Peter Biskind classed The Bridge on the River Kwai among a new crop of ’50s war films that “content themselves with mildly questioning militarism or fell back on comfortable war-is-hell humanism” (he singled out Paths of Glory as doing a bit more). Time Out’s Phil Hardy regarded it as “A classic example of a film that fudges the issues it raises… the film’s success also marked the end of Lean as a director and the beginnings of American-financed ‘British’ films”. It’s a shame he didn’t elaborate. As for the end of Lean as director, there’s undoubtedly a view – one Kael held – that his transition to epic filmmaker was not a good thing; I tend to the position that it simply meant he needed material – and a cast – that fitted such scale, which wasn’t always so easy to come by.

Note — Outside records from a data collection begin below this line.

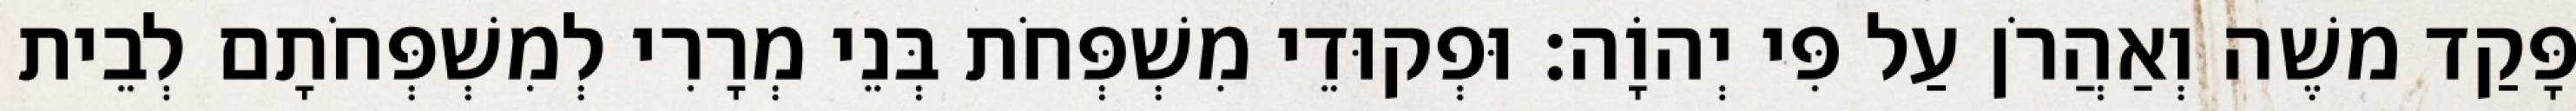
פָּקַד משֶׁה וְאַהֲרֹן עַל פִּי יְהוָֹה׃ וּפְקוּדֵי מִשְׁפְּחֹת בְּנֵי מְרָרִי לְמִשְׁפְּחֹתָם לְבֵית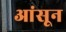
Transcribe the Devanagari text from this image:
आंसून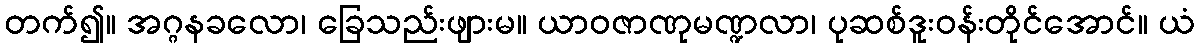
တက်၍။ အဂ္ဂနခလော၊ ခြေသည်းဖျားမ။ ယာဝဇာဏုမဏ္ဍလာ၊ ပုဆစ်ဒူးဝန်းတိုင်အောင်။ ယံ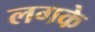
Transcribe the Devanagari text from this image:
लगके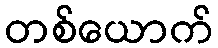
တစ်ယောက်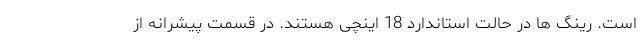
است. رینگ ها در حالت استاندارد 18 اینچی هستند. در قسمت پیشرانه از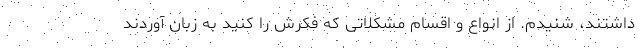
داشتند، شنیدم. از انواع و اقسام مشکلاتی که فکرش را کنید به زبان آوردند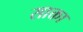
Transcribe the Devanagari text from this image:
साक्ता

The Bridge on the River Kwai went on to win seven of eight Oscar nominations, including Picture, Director, Actor and Screenplay (its sole miss was Hayakawa for Supporting Actor; Red Buttons won for Sayonara). The screenplay was controversial, of course, as the winning Boulle had no involvement; Wilson and Foreman were both blacklisted at the time, and Boulle had already denied any contribution at BAFTAs; in 1985 Wilson and Foreman’s widows accepted Oscars posthumously (while Lean fiercely rebuked Foreman’s merit, Brownlow considers this position was unfair). Lean was the first Briton to win the Best Director Oscar; that he didn’t also earn the BAFTA was down to there being no such category at that time, but it took both Best Film and Best British Film, along with Actor and Screenplay.

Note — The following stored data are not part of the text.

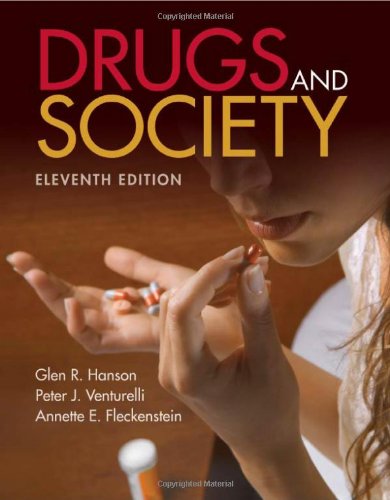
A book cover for Drugs And Society, 11th Edition; Glen R. Hanson; Health, Fitness & Dieting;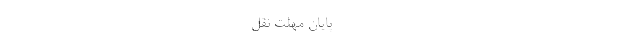
-------------------------------------------------- پایان مهلت نقل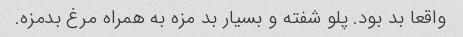
واقعا بد بود. پلو شفته و بسیار بد مزه به همراه مرغ بدمزه.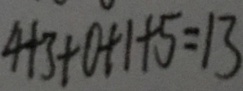
4 + 3 + 0 + 1 + 5 = 1 3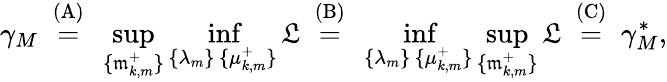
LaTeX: \gamma_{M}~\stackrel{\mathrm{(A)}}{=}~\operatorname*{sup}_{\{ \mathfrak{m}_{k,m}^{+}\} }\operatorname*{inf}_{\substack{\{ \lambda_{m}\} \, \{ \mu_{k,m}^{+}\} }}\mathfrak{L}~\stackrel{\mathrm{(B)}}{=}~\operatorname*{inf}_{\substack{\{ \lambda_{m}\} \, \{ \mu_{k,m}^{+}\} }}\operatorname*{sup}_{\{ \mathfrak{m}_{k,m}^{+}\} }\mathfrak{L}~\stackrel{\mathrm{(C)}}{=}~\gamma_{M}^{\ast},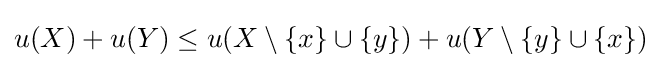
u(X)+u(Y)\leq u(X\setminus \{x\}\cup \{y\})+u(Y\setminus \{y\}\cup \{x\})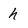
Character: h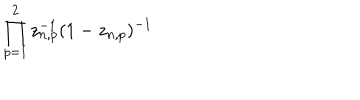
LaTeX: \prod _ { p = 1 } ^ { 2 } z _ { n , p } ^ { - 1 } ( 1 - z _ { n , p } ) ^ { - 1 }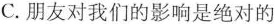
C.朋友对我们的影响是绝对的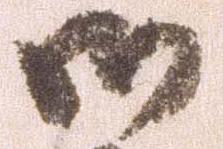
御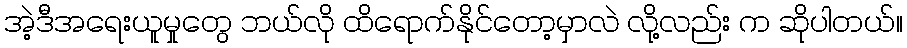
အဲ့ဒီအရေးယူမှုတွေ ဘယ်လို ထိရောက်နိုင်တော့မှာလဲ လို့လည်း က ဆိုပါတယ်။

In the aftermath, Lean was offered both Spartacus and Mutiny on the Bounty. And curiously, the Ben-Hurchariot race, with credit. It would be five years until his next film arrived, during which time Gandhi came and went (it would undoubtedly have been much more “epic” than Sir Dickie’s). His new appetite for scale would be topped with Lawrence of Arabia (Miles Mathis deduced Lean was related to TE; with such reasoning, Mathis would likely discover he was also related to Mountbatten). Thereafter, well, the vistas would never quite match the characters.